SilkAir Flight 185 was a scheduled SilkAir passenger flight operated by a Boeing 737-300 from Jakarta, Indonesia, to Singapore, that crashed into the Musi River near Palembang in southern Sumatra, on 19 December 1997, killing all 97 passengers and seven crew on board.

The cause of the crash was independently investigated by two agencies in two countries: the United States National Transportation Safety Board (NTSB) and the Indonesian National Transportation Safety Committee (NTSC). The NTSB, which had jurisdiction based on Boeing's manufacture of the aircraft in the United States, investigated the crash under lead investigator Greg Feith. Its investigation concluded that the crash was the result of deliberate flight control inputs, most likely by the captain. The Indonesian NTSC, led by Engineering Professor Oetarjo Diran, was unable to determine a cause of the crash.

Another potential factor that led to the crash of the 737 aircraft was the power control unit (PCU) that controlled the aircraft's rudder. The cause of some 737 crashes such as USAir Flight 427 had been attributed to the 737's rudder issues.

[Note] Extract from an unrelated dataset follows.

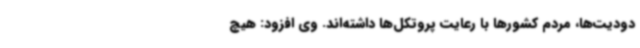
دودیت‌ها، مردم کشورها با رعایت پروتکل‌ها داشته‌اند. وی افزود: هیچ

Although the NTSB and PCU manufacturer Parker Hannifin had already determined that the PCU was properly working, and thus not the cause of the crash, a private investigation into the crash for a civil lawsuit tried by jury in a California state court in Los Angeles, which was not allowed to hear or consider the NTSB's and Parker Hannifin's conclusions, decided that the crash was caused by a defective servo valve inside the PCU, based on forensic findings from an electron microscope which determined that minute defects within the PCU had caused the rudder hard-over and a subsequent uncontrollable flight and crash. The manufacturer of the aircraft's rudder controls and the families later reached an out-of-court settlement.